If you’re planning on applying for any kind of protection we recommend you seek legal advice first. These things can get pretty tricky (and expensive) so it’s worth having a chat with a legal professional who specialises in IP and patents. They’ll be able to help you navigate the paperwork and understand what’s needed – or if a patent is even right for your business at all.

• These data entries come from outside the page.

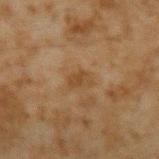workup — imaged on a skin check; not biopsied
patient — male, aged around 45
lighting — cross-polarized
anatomic site — the left upper arm
image — ~15 mm tile from a whole-body skin photo
lesion size — ≈2.5 mm
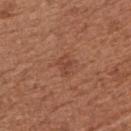imaging modality = ~15 mm tile from a whole-body skin photo
illumination = white-light
site = the right upper arm
patient = female, approximately 65 years of age
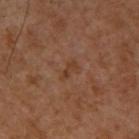No biopsy was performed on this lesion — it was imaged during a full skin examination and was not determined to be concerning.
A male subject aged 53 to 57.
A 15 mm close-up tile from a total-body photography series done for melanoma screening.
Imaged with cross-polarized lighting.
Located on the right upper arm.
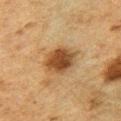No biopsy was performed on this lesion — it was imaged during a full skin examination and was not determined to be concerning.
A region of skin cropped from a whole-body photographic capture, roughly 15 mm wide.
A male subject approximately 50 years of age.
Approximately 4 mm at its widest.
On the left upper arm.
Captured under cross-polarized illumination.
An algorithmic analysis of the crop reported an area of roughly 11 mm², an eccentricity of roughly 0.3, and two-axis asymmetry of about 0.15. The analysis additionally found an automated nevus-likeness rating near 95 out of 100 and a detector confidence of about 100 out of 100 that the crop contains a lesion.
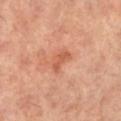The lesion was photographed on a routine skin check and not biopsied; there is no pathology result. The recorded lesion diameter is about 3 mm. The lesion is on the leg. A female patient, about 60 years old. The tile uses cross-polarized illumination. A lesion tile, about 15 mm wide, cut from a 3D total-body photograph.
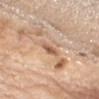Image and clinical context:
A close-up tile cropped from a whole-body skin photograph, about 15 mm across. Automated image analysis of the tile measured a lesion area of about 3 mm² and a shape eccentricity near 0.9. The analysis additionally found a mean CIELAB color near L≈59 a*≈20 b*≈33 and about 12 CIELAB-L* units darker than the surrounding skin. The analysis additionally found an automated nevus-likeness rating near 0 out of 100 and lesion-presence confidence of about 70/100. This is a white-light tile. Located on the right upper arm. A male subject aged 68 to 72.
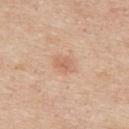The lesion was photographed on a routine skin check and not biopsied; there is no pathology result. The lesion-visualizer software estimated a mean CIELAB color near L≈64 a*≈22 b*≈32 and roughly 8 lightness units darker than nearby skin. And it measured a border-irregularity rating of about 2/10, a within-lesion color-variation index near 2/10, and a peripheral color-asymmetry measure near 0.5. The software also gave an automated nevus-likeness rating near 10 out of 100 and a detector confidence of about 100 out of 100 that the crop contains a lesion. The subject is a male aged approximately 55. Captured under white-light illumination. Longest diameter approximately 2.5 mm. This image is a 15 mm lesion crop taken from a total-body photograph. The lesion is located on the upper back.
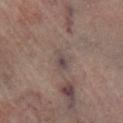{
  "biopsy_status": "not biopsied; imaged during a skin examination",
  "image": {
    "source": "total-body photography crop",
    "field_of_view_mm": 15
  },
  "site": "right lower leg"
}

And, just a word of warning, this article isn’t going to make you laugh out loud – it’s a fairly dry subject, but we’ve broken it down as simple as humanely possible. Ready? OK, let’s dive in.
What is a patent?
Not to be confused with a trademark! In simple terms a patent is type government-backed protection given to the creator of a new invention (something tangible) that stops others from making, using or selling the invention without prior permission – for a limited time.
The invention is effectively the property of the inventor and, just like most types of property, can be bought, sold, hired or rented.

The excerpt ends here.